Exercise aim → The expected result is the full set of records, copied precisely, with images dropped.

[Source records]

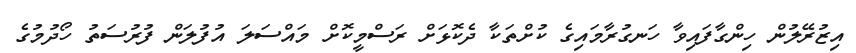
އިޒުރޭލުން ހިންގާފައިވާ ހަނގުރާމައިގެ ކުށްތަކާ ދެކޮޅަށް ރަސްމީކޮށް މައްސަލަ އުފުލަން ފުރުސަތު ހޯދުމުގެ
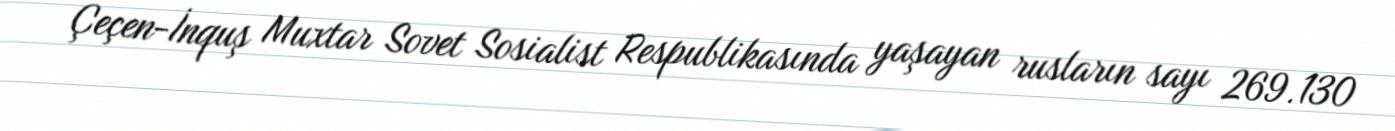
Çeçen-İnquş Muxtar Sovet Sosialist Respublikasında yaşayan rusların sayı 269.130
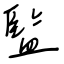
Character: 監
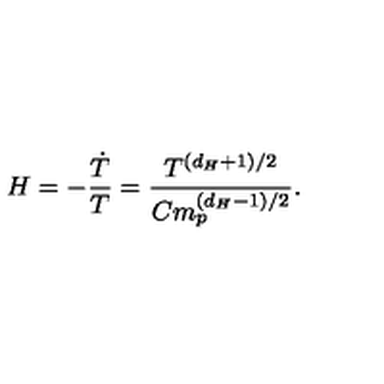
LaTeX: H = - \frac { \dot { T } } { T } = \frac { T ^ { ( d _ { H } + 1 ) / 2 } } { C m _ { p } ^ { ( d _ { H } - 1 ) / 2 } } .
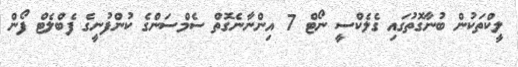
ލީކްތަކުން ބުނާގޮތުގައި ގެލެކްސީ ނޯޓް 7 އިންނާނެގޮތް ސެމްސަންގެ ކުންފުނީގެ ފެބްލެޓް ފޯން
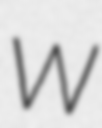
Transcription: W
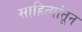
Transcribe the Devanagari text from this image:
साहित्यांतून
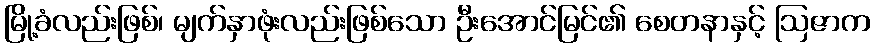
မြို့ခံလည်းဖြစ်၊ မျက်နှာဖုံးလည်းဖြစ်သော ဦးအောင်မြင်၏ စေတနာနှင့် ဩဇာက
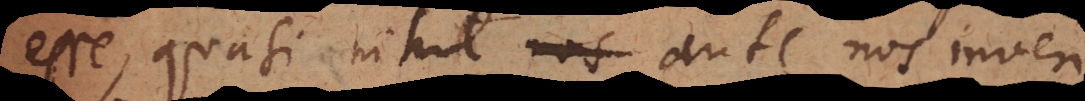
esse, quasi nihil nos ante nos inven-
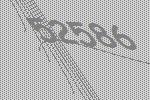
52586
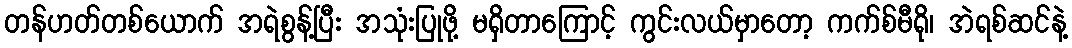
တန်ဟတ်တစ်ယောက် အရဲစွန့်ပြီး အသုံးပြုဖို့ မရှိတာကြောင့် ကွင်းလယ်မှာတော့ ကက်စ်မီရို၊ အဲရစ်ဆင်နဲ့
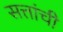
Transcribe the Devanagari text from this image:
सत्तांची
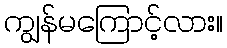
ကျွန်မကြောင့်လား။
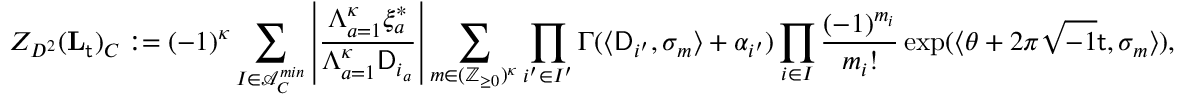
Z _ { D ^ { 2 } } ( \mathbf { L } _ { \mathsf { t } } ) _ { C } : = ( - 1 ) ^ { { \boldsymbol { \kappa } } } \sum _ { I \in \mathcal { A } _ { C } ^ { m i n } } \left| \frac { \Lambda _ { a = 1 } ^ { { \boldsymbol { \kappa } } } \xi _ { a } ^ { * } } { \Lambda _ { a = 1 } ^ { { \boldsymbol { \kappa } } } \mathsf { D } _ { i _ { a } } } \right| \sum _ { m \in ( \mathbb { Z } _ { \ge 0 } ) ^ { { \boldsymbol { \kappa } } } } \prod _ { i ^ { \prime } \in I ^ { \prime } } \Gamma ( \langle \mathsf { D } _ { i ^ { \prime } } , \sigma _ { m } \rangle + \alpha _ { i ^ { \prime } } ) \prod _ { i \in I } \frac { ( - 1 ) ^ { m _ { i } } } { m _ { i } ! } \exp ( \langle \theta + 2 \pi \sqrt { - 1 } \mathsf { t } , \sigma _ { m } \rangle ) ,
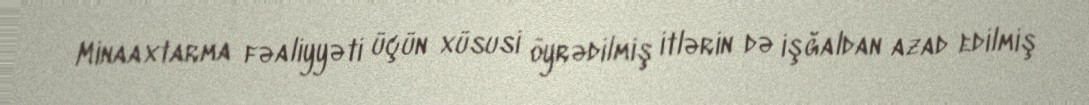
Minaaxtarma fəaliyyəti üçün xüsusi öyrədilmiş itlərin də işğaldan azad edilmiş
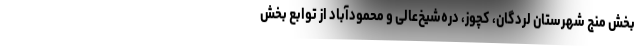
بخش منج شهرستان لردگان، کچوز، دره‌شیخ‌عالی و محمودآباد از توابع بخش
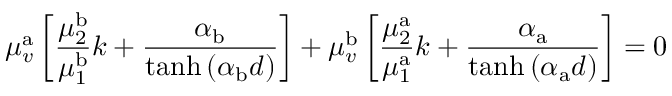
\mu _ { v } ^ { \mathrm { a } } \left[ \frac { \mu _ { 2 } ^ { \mathrm { b } } } { \mu _ { 1 } ^ { \mathrm { b } } } k + \frac { \alpha _ { \mathrm { b } } } { \operatorname { t a n h } \left( \alpha _ { \mathrm { b } } d \right) } \right] + \mu _ { v } ^ { \mathrm { b } } \left[ \frac { \mu _ { 2 } ^ { \mathrm { a } } } { \mu _ { 1 } ^ { \mathrm { a } } } k + \frac { \alpha _ { \mathrm { a } } } { \operatorname { t a n h } \left( \alpha _ { \mathrm { a } } d \right) } \right] = 0
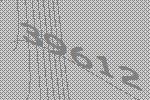
39612
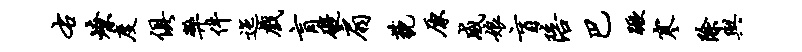
右燎度俱弊件迤戏肓碍扇藐原威娘盲陪巴蹶寒除与
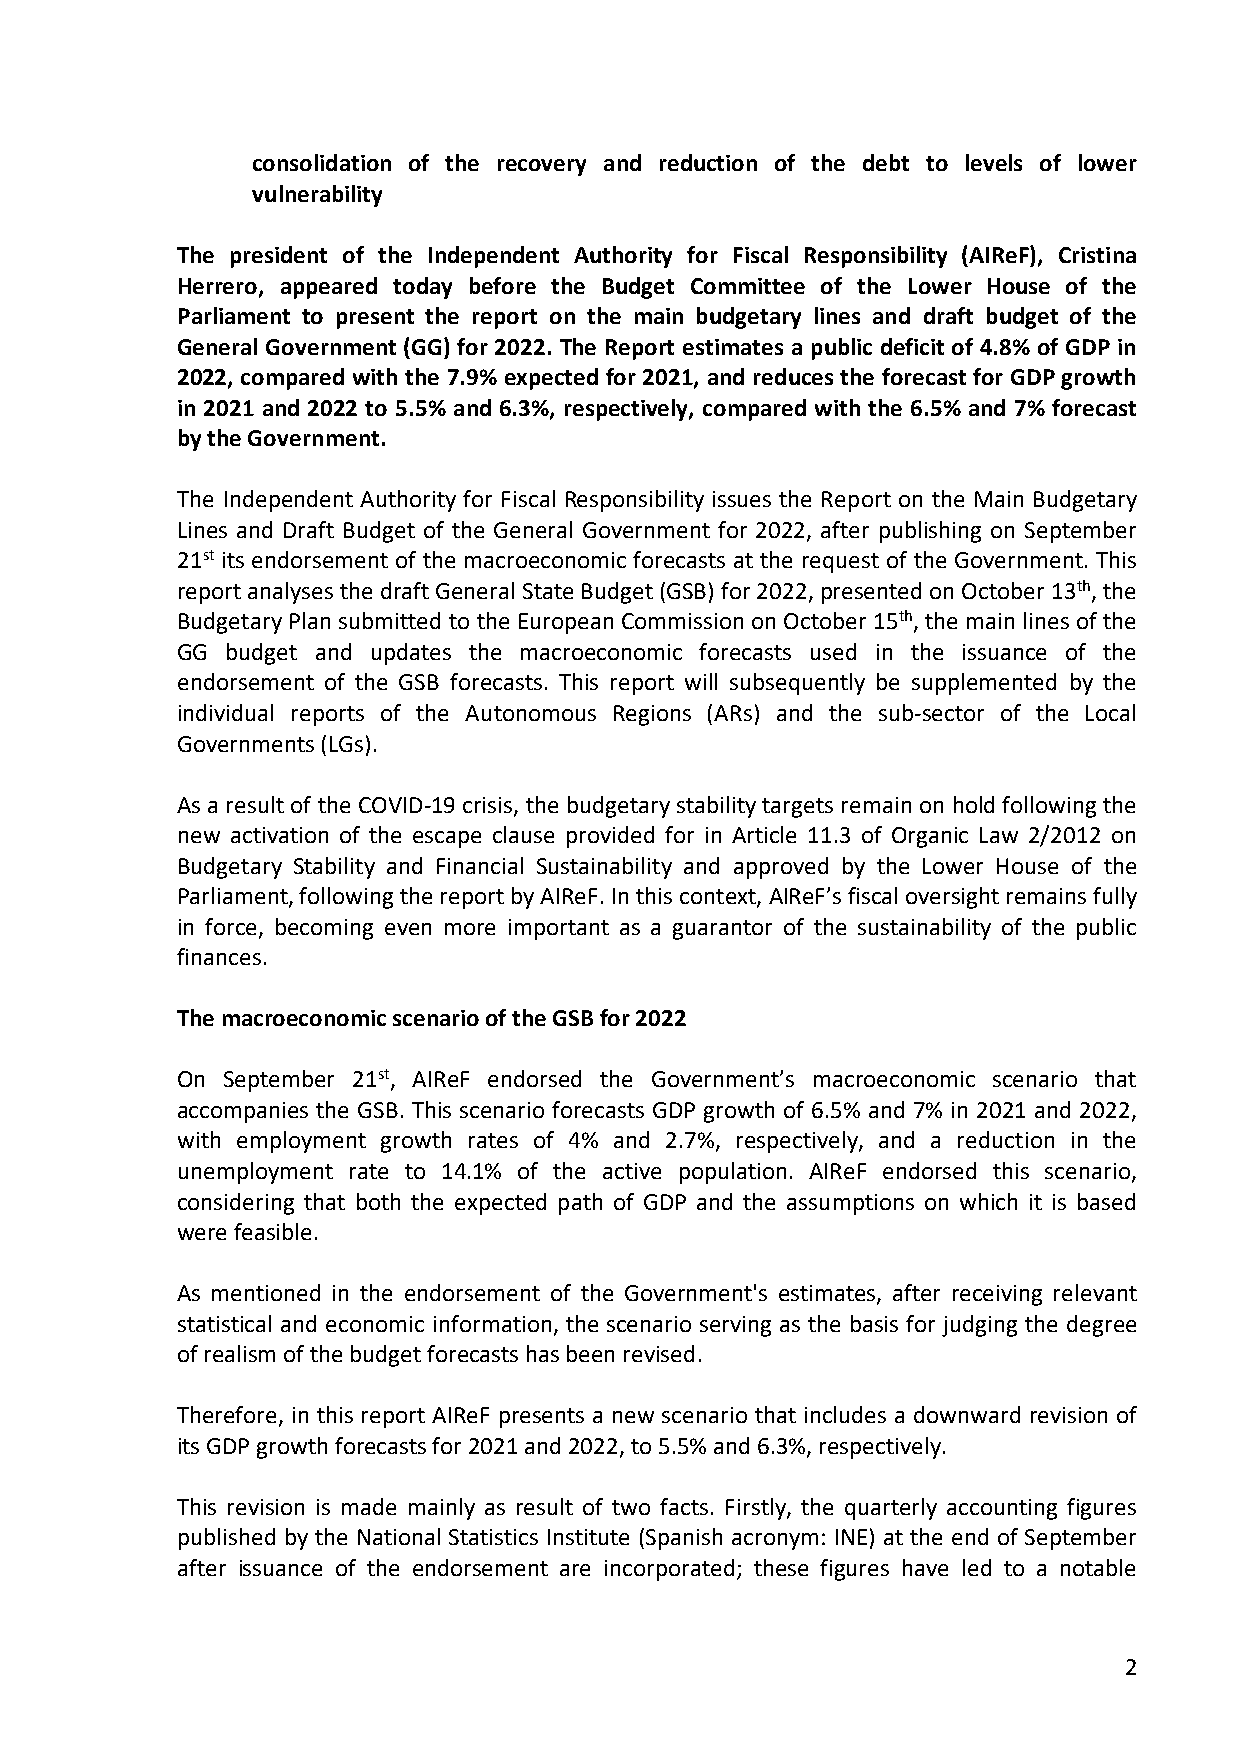
consolidation of the recovery and reduction of the debt to levels of lower
 vulnerability
 The president of the Independent Authority for Fiscal Responsibility (AIReF), Cristina
 Herrero, appeared today before the Budget Committee of the Lower House of the
 Parliament to present the report on the main budgetary lines and draft budget of the
 General Government (GG) for 2022. The Report estimates a public deficit of 4.8% of GDP in
 2022, compared with the 7.9% expected for 2021, and reduces the forecast for GDP growth
 in 2021 and 2022 to 5.5% and 6.3%, respectively, compared with the 6.5% and 7% forecast
 by the Government.
 The Independent Authority for Fiscal Responsibility issues the Report on the Main Budgetary
 Lines and Draft Budget of the General Government for 2022, after publishing on September
 21st its endorsement of the macroeconomic forecasts at the request of the Government. This
 report analyses the draft General State Budget (GSB) for 2022, presented on October 13th, the
 Budgetary Plan submitted to the European Commission on October 15th, the main lines of the
 GG budget and updates the macroeconomic forecasts used in the issuance of the
 endorsement of the GSB forecasts. This report will subsequently be supplemented by the
 individual reports of the Autonomous Regions (ARs) and the sub-sector of the Local
 Governments (LGs).
 As a result of the COVID-19 crisis, the budgetary stability targets remain on hold following the
 new activation of the escape clause provided for in Article 11.3 of Organic Law 2/2012 on
 Budgetary Stability and Financial Sustainability and approved by the Lower House of the
 Parliament, following the report by AIReF. In this context, AIReF’s fiscal oversight remains fully
 in force, becoming even more important as a guarantor of the sustainability of the public
 finances.
 The macroeconomic scenario of the GSB for 2022
 On September 21st, AIReF endorsed the Government’s macroeconomic scenario that
 accompanies the GSB. This scenario forecasts GDP growth of 6.5% and 7% in 2021 and 2022,
 with employment growth rates of 4% and 2.7%, respectively, and a reduction in the
 unemployment rate to 14.1% of the active population. AIReF endorsed this scenario,
 considering that both the expected path of GDP and the assumptions on which it is based
 were feasible.
 As mentioned in the endorsement of the Government's estimates, after receiving relevant
 statistical and economic information, the scenario serving as the basis for judging the degree
 of realism of the budget forecasts has been revised.
 Therefore, in this report AIReF presents a new scenario that includes a downward revision of
 its GDP growth forecasts for 2021 and 2022, to 5.5% and 6.3%, respectively.
 This revision is made mainly as result of two facts. Firstly, the quarterly accounting figures
 published by the National Statistics Institute (Spanish acronym: INE) at the end of September
 after issuance of the endorsement are incorporated; these figures have led to a notable
 2

Reply →
އިޒުރޭލުން ހިންގާފައިވާ ހަނގުރާމައިގެ ކުށްތަކާ ދެކޮޅަށް ރަސްމީކޮށް މައްސަލަ އުފުލަން ފުރުސަތު ހޯދުމުގެ
Çeçen-İnquş Muxtar Sovet Sosialist Respublikasında yaşayan rusların sayı 269.130
Character: 監
LaTeX: H = - \frac { \dot { T } } { T } = \frac { T ^ { ( d _ { H } + 1 ) / 2 } } { C m _ { p } ^ { ( d _ { H } - 1 ) / 2 } } .
ލީކްތަކުން ބުނާގޮތުގައި ގެލެކްސީ ނޯޓް 7 އިންނާނެގޮތް ސެމްސަންގެ ކުންފުނީގެ ފެބްލެޓް ފޯން
Transcription: W
Transcribe the Devanagari text from this image:
साहित्यांतून
မြို့ခံလည်းဖြစ်၊ မျက်နှာဖုံးလည်းဖြစ်သော ဦးအောင်မြင်၏ စေတနာနှင့် ဩဇာက
esse, quasi nihil nos ante nos inven-
52586
တန်ဟတ်တစ်ယောက် အရဲစွန့်ပြီး အသုံးပြုဖို့ မရှိတာကြောင့် ကွင်းလယ်မှာတော့ ကက်စ်မီရို၊ အဲရစ်ဆင်နဲ့
Transcribe the Devanagari text from this image:
सत्तांची
ကျွန်မကြောင့်လား။
Z _ { D ^ { 2 } } ( \mathbf { L } _ { \mathsf { t } } ) _ { C } : = ( - 1 ) ^ { { \boldsymbol { \kappa } } } \sum _ { I \in \mathcal { A } _ { C } ^ { m i n } } \left| \frac { \Lambda _ { a = 1 } ^ { { \boldsymbol { \kappa } } } \xi _ { a } ^ { * } } { \Lambda _ { a = 1 } ^ { { \boldsymbol { \kappa } } } \mathsf { D } _ { i _ { a } } } \right| \sum _ { m \in ( \mathbb { Z } _ { \ge 0 } ) ^ { { \boldsymbol { \kappa } } } } \prod _ { i ^ { \prime } \in I ^ { \prime } } \Gamma ( \langle \mathsf { D } _ { i ^ { \prime } } , \sigma _ { m } \rangle + \alpha _ { i ^ { \prime } } ) \prod _ { i \in I } \frac { ( - 1 ) ^ { m _ { i } } } { m _ { i } ! } \exp ( \langle \theta + 2 \pi \sqrt { - 1 } \mathsf { t } , \sigma _ { m } \rangle ) ,
Minaaxtarma fəaliyyəti üçün xüsusi öyrədilmiş itlərin də işğaldan azad edilmiş
بخش منج شهرستان لردگان، کچوز، دره‌شیخ‌عالی و محمودآباد از توابع بخش
\mu _ { v } ^ { \mathrm { a } } \left[ \frac { \mu _ { 2 } ^ { \mathrm { b } } } { \mu _ { 1 } ^ { \mathrm { b } } } k + \frac { \alpha _ { \mathrm { b } } } { \operatorname { t a n h } \left( \alpha _ { \mathrm { b } } d \right) } \right] + \mu _ { v } ^ { \mathrm { b } } \left[ \frac { \mu _ { 2 } ^ { \mathrm { a } } } { \mu _ { 1 } ^ { \mathrm { a } } } k + \frac { \alpha _ { \mathrm { a } } } { \operatorname { t a n h } \left( \alpha _ { \mathrm { a } } d \right) } \right] = 0
39612
右燎度俱弊件迤戏肓碍扇藐原威娘盲陪巴蹶寒除与
consolidation of the recovery and reduction of the debt to levels of lower
 vulnerability
 The president of the Independent Authority for Fiscal Responsibility (AIReF), Cristina
 Herrero, appeared today before the Budget Committee of the Lower House of the
 Parliament to present the report on the main budgetary lines and draft budget of the
 General Government (GG) for 2022. The Report estimates a public deficit of 4.8% of GDP in
 2022, compared with the 7.9% expected for 2021, and reduces the forecast for GDP growth
 in 2021 and 2022 to 5.5% and 6.3%, respectively, compared with the 6.5% and 7% forecast
 by the Government.
 The Independent Authority for Fiscal Responsibility issues the Report on the Main Budgetary
 Lines and Draft Budget of the General Government for 2022, after publishing on September
 21st its endorsement of the macroeconomic forecasts at the request of the Government. This
 report analyses the draft General State Budget (GSB) for 2022, presented on October 13th, the
 Budgetary Plan submitted to the European Commission on October 15th, the main lines of the
 GG budget and updates the macroeconomic forecasts used in the issuance of the
 endorsement of the GSB forecasts. This report will subsequently be supplemented by the
 individual reports of the Autonomous Regions (ARs) and the sub-sector of the Local
 Governments (LGs).
 As a result of the COVID-19 crisis, the budgetary stability targets remain on hold following the
 new activation of the escape clause provided for in Article 11.3 of Organic Law 2/2012 on
 Budgetary Stability and Financial Sustainability and approved by the Lower House of the
 Parliament, following the report by AIReF. In this context, AIReF’s fiscal oversight remains fully
 in force, becoming even more important as a guarantor of the sustainability of the public
 finances.
 The macroeconomic scenario of the GSB for 2022
 On September 21st, AIReF endorsed the Government’s macroeconomic scenario that
 accompanies the GSB. This scenario forecasts GDP growth of 6.5% and 7% in 2021 and 2022,
 with employment growth rates of 4% and 2.7%, respectively, and a reduction in the
 unemployment rate to 14.1% of the active population. AIReF endorsed this scenario,
 considering that both the expected path of GDP and the assumptions on which it is based
 were feasible.
 As mentioned in the endorsement of the Government's estimates, after receiving relevant
 statistical and economic information, the scenario serving as the basis for judging the degree
 of realism of the budget forecasts has been revised.
 Therefore, in this report AIReF presents a new scenario that includes a downward revision of
 its GDP growth forecasts for 2021 and 2022, to 5.5% and 6.3%, respectively.
 This revision is made mainly as result of two facts. Firstly, the quarterly accounting figures
 published by the National Statistics Institute (Spanish acronym: INE) at the end of September
 after issuance of the endorsement are incorporated; these figures have led to a notable
 2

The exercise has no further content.